そしてここは地下4階、今までのパターンからすると「風」のエリアだ。ポーションにはまだまだ余裕があるので、強気で探索する。
「うわ、いきなり!」
予想通りティアマットが現れたのだが、その出現場所は予想外だった。階段の前ではなく、部屋をつなぐ連絡通路のようなところで出てきたのだ。幸い、こいつも大したことなかった。
「どうする? 先に進む?」
画面には階段が見える。おそらく、この先に最後のボスがいるのだろう。
「せっかくだから探索してみたら?」
「ま、それもそうか」
階段から降りて最初にこの部屋に来たので、フロアの南半分は探索していない。フロア南東の細い通路の先の宝箱を開けると「マサムネ」を発見。

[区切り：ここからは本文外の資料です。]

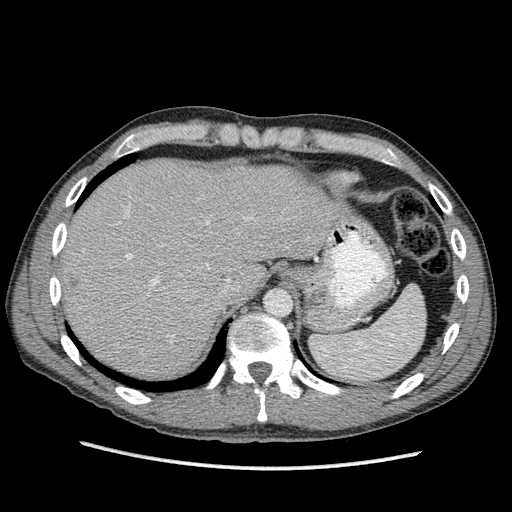
Computed tomography; Abdomen
<segmentation>
  <liver_lesion>(68,276,76,285)</liver_lesion>
  <liver>(57,158,340,380)</liver>
</segmentation>
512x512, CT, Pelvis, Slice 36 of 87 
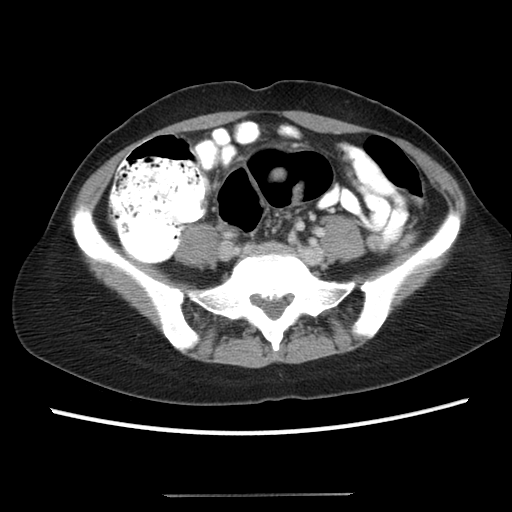 <segmentation>
  <colon_tumor>x1=271, y1=168, x2=283, y2=179; x1=292, y1=184, x2=302, y2=204</colon_tumor>
</segmentation>
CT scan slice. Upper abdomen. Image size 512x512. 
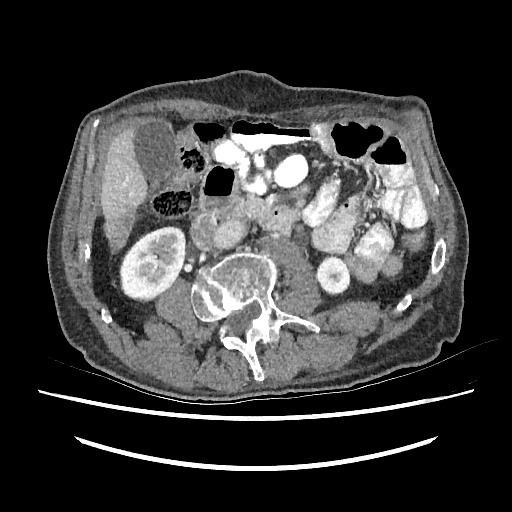 2 kidney regions are located at box=[317, 257, 349, 292]; box=[121, 227, 184, 298]. The liver appears at box=[100, 127, 147, 250]. The liver lesion lies within box=[112, 207, 133, 247].
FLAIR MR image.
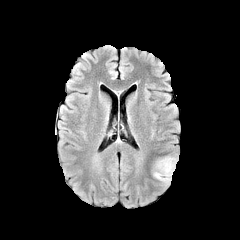
T1-weighted MR.
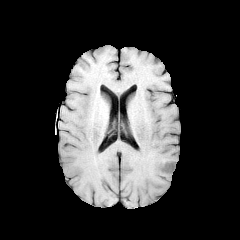
Post-contrast T1-weighted MR.
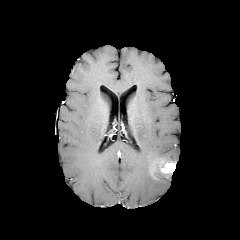
T2-weighted MR image.
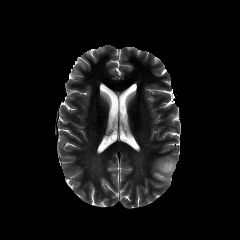
Brain.
Edema — 153, 156, 177, 184.
Enhancing tumor — 160, 162, 176, 173.
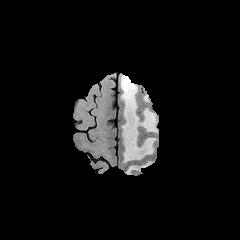
FLAIR MR image.
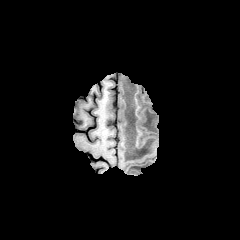
Same slice, T1-weighted MRI.
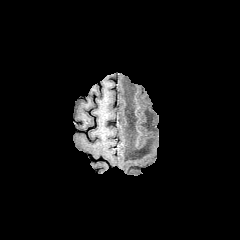
Post-contrast T1-weighted MRI.
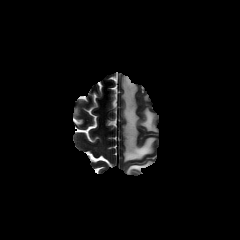
T2-weighted magnetic resonance.
240x240, Head
2 edema regions are bounded by (121, 76, 155, 162), (127, 164, 140, 173).
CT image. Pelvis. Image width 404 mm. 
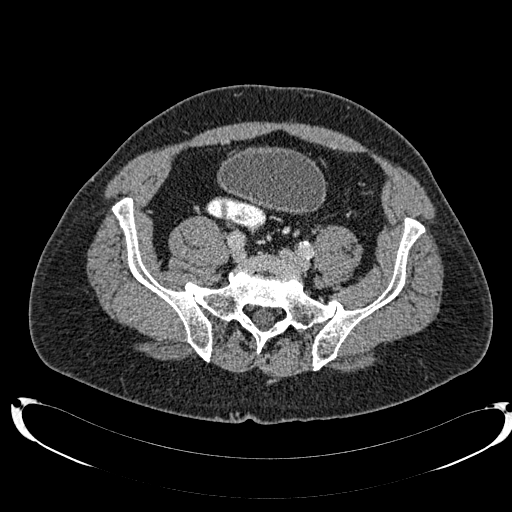

<segmentation>
  <urinary_bladder>l=221, t=150, r=325, b=210</urinary_bladder>
</segmentation>
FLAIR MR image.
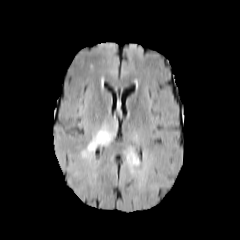
T1-weighted MR image.
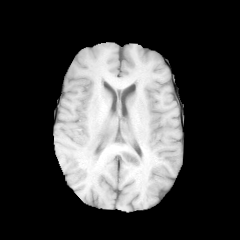
Post-contrast T1-weighted magnetic resonance.
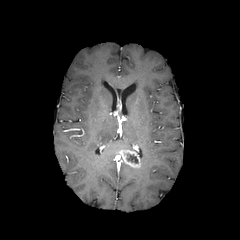
T2-weighted MRI.
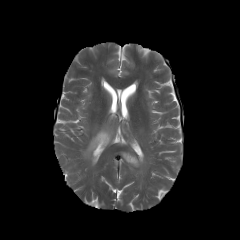
Head.
The enhancing tumor appears at bbox=[119, 149, 140, 167]. The non-enhancing tumor core appears at bbox=[125, 153, 138, 164]. The edema is located at bbox=[81, 124, 114, 161].
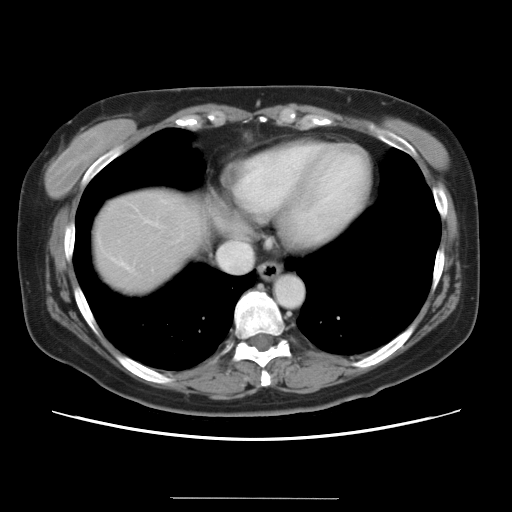 Abdomen | CT scan slice

Only some of the vessels may be annotated.
{"hepatic_vessel": [{"x1": 144, "y1": 220, "x2": 148, "y2": 222}, {"x1": 119, "y1": 261, "x2": 125, "y2": 266}]}
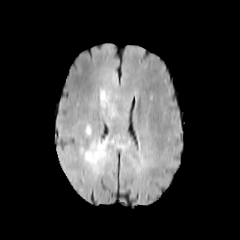
FLAIR magnetic resonance.
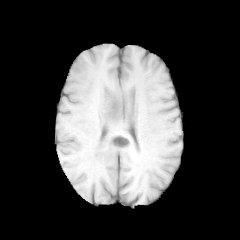
T1-weighted MR image of the same slice.
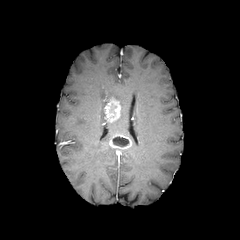
Post-contrast T1-weighted MRI.
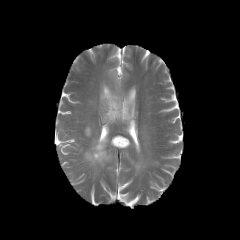
T2-weighted magnetic resonance of the same slice.
Brain
Edema: region(110, 96, 124, 124); region(85, 124, 91, 134); region(99, 90, 111, 123); region(82, 137, 110, 169).
Non-enhancing tumor core: region(113, 137, 129, 146).
Enhancing tumor: region(103, 97, 121, 122); region(109, 134, 132, 149).
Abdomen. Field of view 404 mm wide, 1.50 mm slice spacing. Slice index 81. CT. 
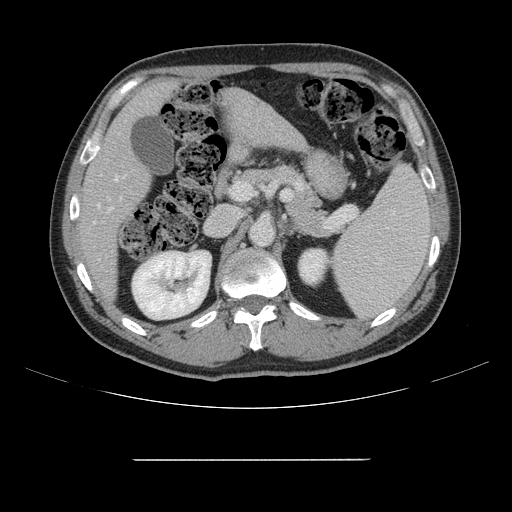
The vessel annotation is not exhaustive.
<segmentation>
  <hepatic_vessel>{"x1": 98, "y1": 204, "x2": 99, "y2": 207}, {"x1": 108, "y1": 207, "x2": 112, "y2": 211}, {"x1": 115, "y1": 176, "x2": 117, "y2": 181}</hepatic_vessel>
</segmentation>
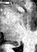
MRI slice. 37x52.
The posterior hippocampus is located at [12,42,19,46].
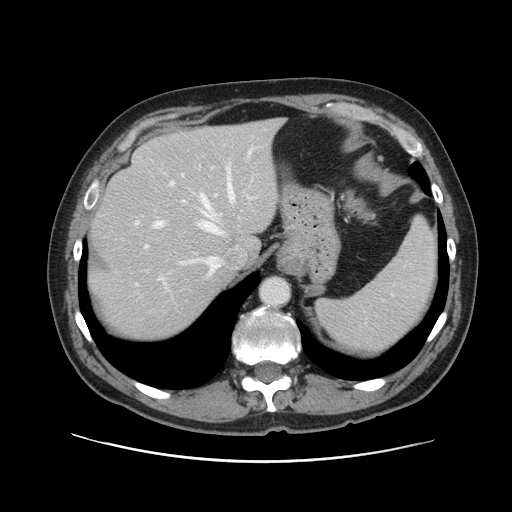

Abdomen, CT image
The vessel boxes may cover only some of the vessels.
{"hepatic_vessel": ["rect(182, 257, 219, 274)", "rect(145, 246, 148, 248)", "rect(183, 200, 185, 202)", "rect(198, 221, 221, 233)", "rect(170, 181, 173, 185)", "rect(200, 192, 220, 217)", "rect(248, 149, 252, 155)", "rect(247, 196, 250, 198)", "rect(227, 166, 233, 200)", "rect(154, 221, 163, 227)", "rect(135, 222, 138, 223)", "rect(158, 277, 165, 285)"]}
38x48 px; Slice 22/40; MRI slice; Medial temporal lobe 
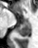
The posterior hippocampus is bounded by <box>17,22,31,36</box>. The anterior hippocampus is at <box>24,21,28,21</box>.
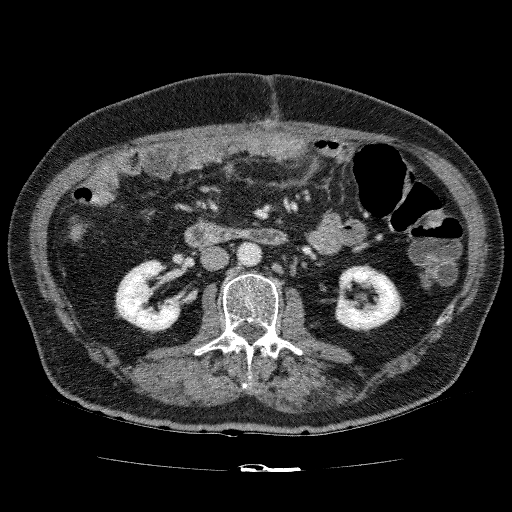 Computed tomography | Upper abdomen
{
  "kidney": [
    "116, 260, 181, 331",
    "336, 266, 400, 330"
  ],
  "liver": [
    "69, 222, 84, 242"
  ]
}
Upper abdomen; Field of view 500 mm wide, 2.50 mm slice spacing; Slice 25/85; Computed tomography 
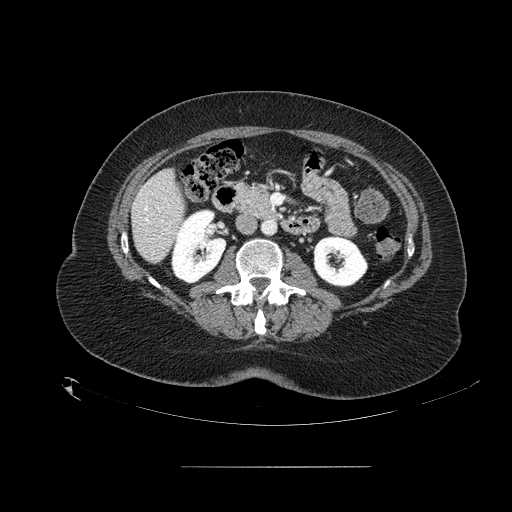

Pancreas at x1=235 y1=182 x2=274 y2=219.
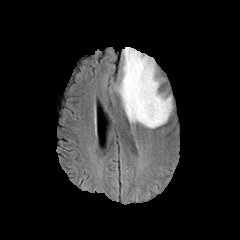
FLAIR MR image.
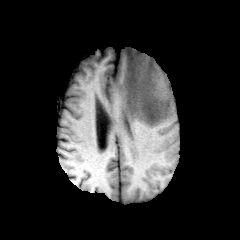
Same slice, T1-weighted MR.
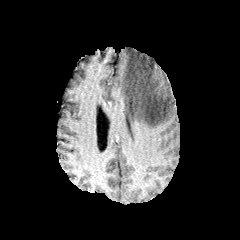
Post-contrast T1-weighted magnetic resonance of the same slice.
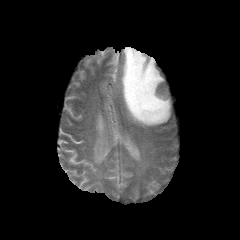
Same slice, T2-weighted MRI.
The edema is bounded by 117 47 171 128.
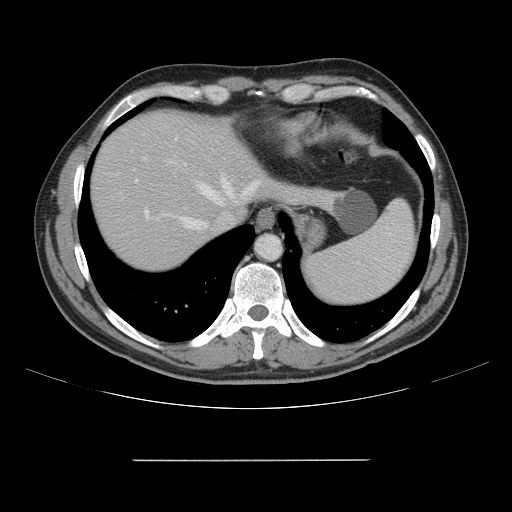

Computed tomography
Some hepatic vessels may have no box.
* hepatic vessel: box=[143, 157, 146, 158]; box=[173, 162, 175, 163]; box=[160, 214, 163, 215]; box=[168, 159, 170, 160]; box=[199, 184, 222, 204]; box=[222, 178, 233, 196]; box=[243, 181, 260, 196]; box=[181, 217, 207, 228]; box=[144, 209, 148, 218]; box=[135, 180, 137, 181]
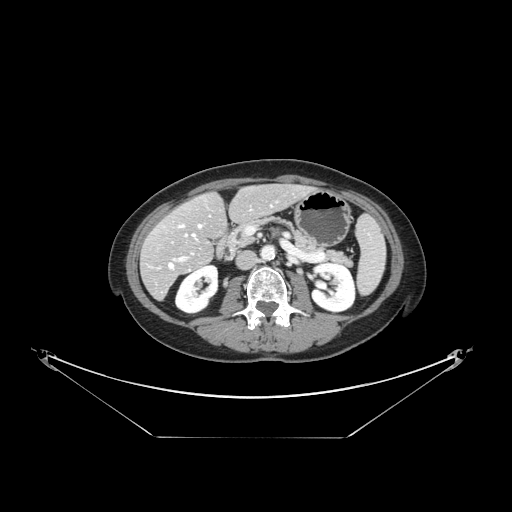
512x512 px | CT scan slice

Only some of the vessels may be annotated.
{"hepatic_vessel": ["(left=180, top=225, right=182, bottom=226)", "(left=179, top=258, right=184, bottom=260)", "(left=198, top=225, right=200, bottom=227)"]}
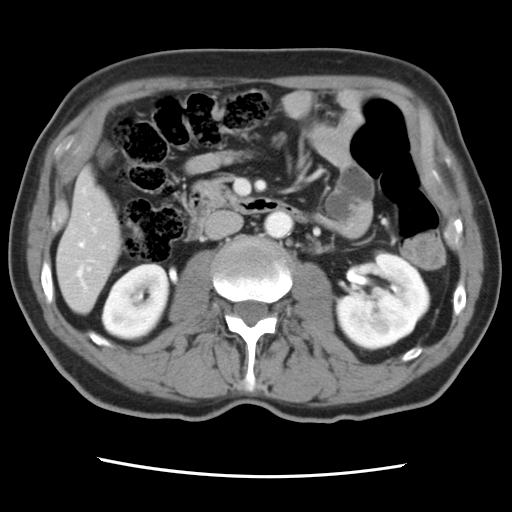
Liver, 512x512 px, Computed tomography
The vessel boxes may cover only some of the vessels.
5 hepatic vessel regions are bounded by l=77, t=267, r=90, b=288; l=90, t=260, r=92, b=261; l=83, t=190, r=84, b=192; l=93, t=229, r=96, b=231; l=80, t=242, r=83, b=246.
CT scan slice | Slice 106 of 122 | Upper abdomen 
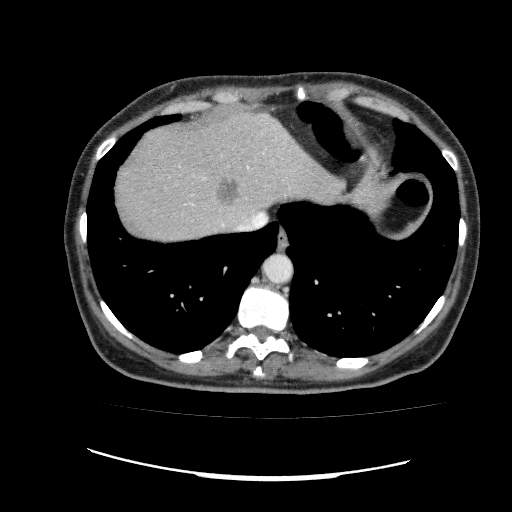

The liver lesion is located at x1=217 y1=178 x2=239 y2=206. The liver is located at x1=115 y1=112 x2=342 y2=243.
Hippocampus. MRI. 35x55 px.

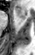 <segmentation>
  <anterior_hippocampus>l=15, t=8, r=25, b=19</anterior_hippocampus>
</segmentation>
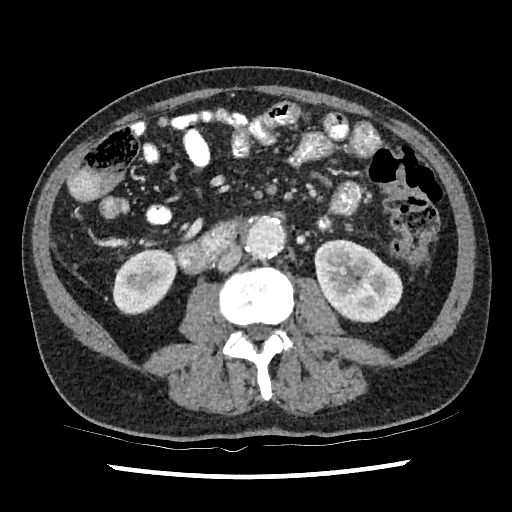 CT image | Abdomen
Kidney: bounding box (x1=315, y1=240, x2=402, y2=321), (x1=113, y1=250, x2=175, y2=313).
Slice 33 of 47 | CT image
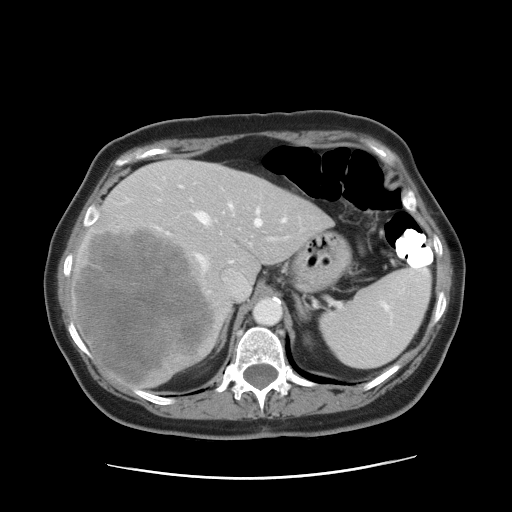
The vessel boxes may cover only some of the vessels.
{"liver_tumor": ["bbox=[73, 226, 217, 382]"], "hepatic_vessel": ["bbox=[180, 186, 182, 187]", "bbox=[254, 209, 261, 226]", "bbox=[197, 255, 210, 272]", "bbox=[194, 212, 215, 224]", "bbox=[229, 203, 234, 214]", "bbox=[156, 227, 160, 230]", "bbox=[224, 260, 250, 298]", "bbox=[269, 237, 274, 240]", "bbox=[249, 242, 252, 245]", "bbox=[282, 218, 285, 222]", "bbox=[166, 232, 169, 234]"]}
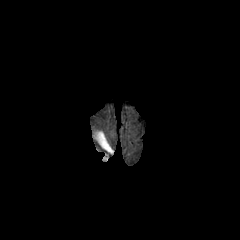
FLAIR MR image.
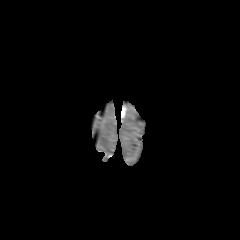
Same slice, T1-weighted MRI.
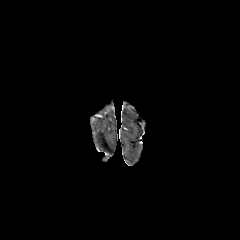
Post-contrast T1-weighted MR image of the same slice.
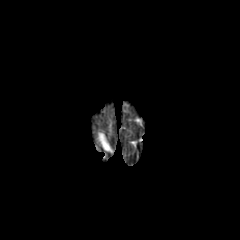
Same slice, T2-weighted MR.
Image size 240x240.
<segmentation>
  <edema>x1=96 y1=131 x2=113 y2=152</edema>
</segmentation>
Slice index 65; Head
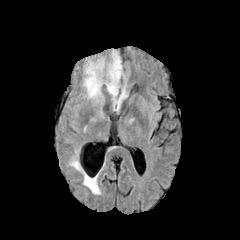
FLAIR MRI.
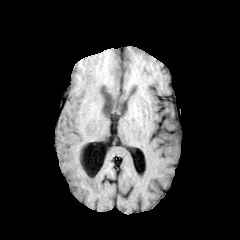
T1-weighted MRI.
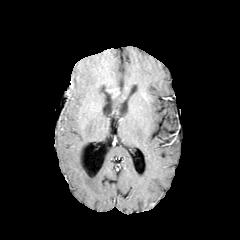
Post-contrast T1-weighted MRI.
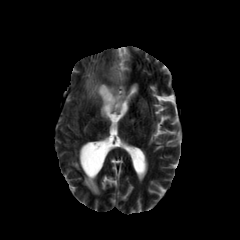
Same slice, T2-weighted MRI.
The non-enhancing tumor core is at [105,88,115,96]. 3 edema regions are bounded by [69,149,101,194], [110,98,123,110], [83,52,123,101].

「名刀正宗! これなら僕も知ってるぞ。やっぱり忍者専用かな?」
「一応試してみたら?」
「ナイトも装備できるな。これで命中は135。余裕で5回ヒットじゃないか!」
この段階で、パーティはレベル26になっていた。
「どうする? 進む? それとも今日はこれで終わりにする?」
時計は5時半になっていた。そろそろ帰らないと、彼女の門限に間に合わない。
「明日にしよっか。強い武器も手に入れたし、すぐに来られると思うし」
「そうだね」
ダテレポを唱えて、脱出した(もし脱出できなければどうしようかと思ったが)。そしてセーブをして電源を切る。エンディングは、早くても明日に持ち越されることになった。
***
『リュート』
ファミコン版では特に演出がなく石板が消える。リメイク版では演奏シーンとともにプレリュードが流れる名シーンが追加された。リメイク版の追加・変更演出のうち、筆者が純粋に評価している数少ない要素である。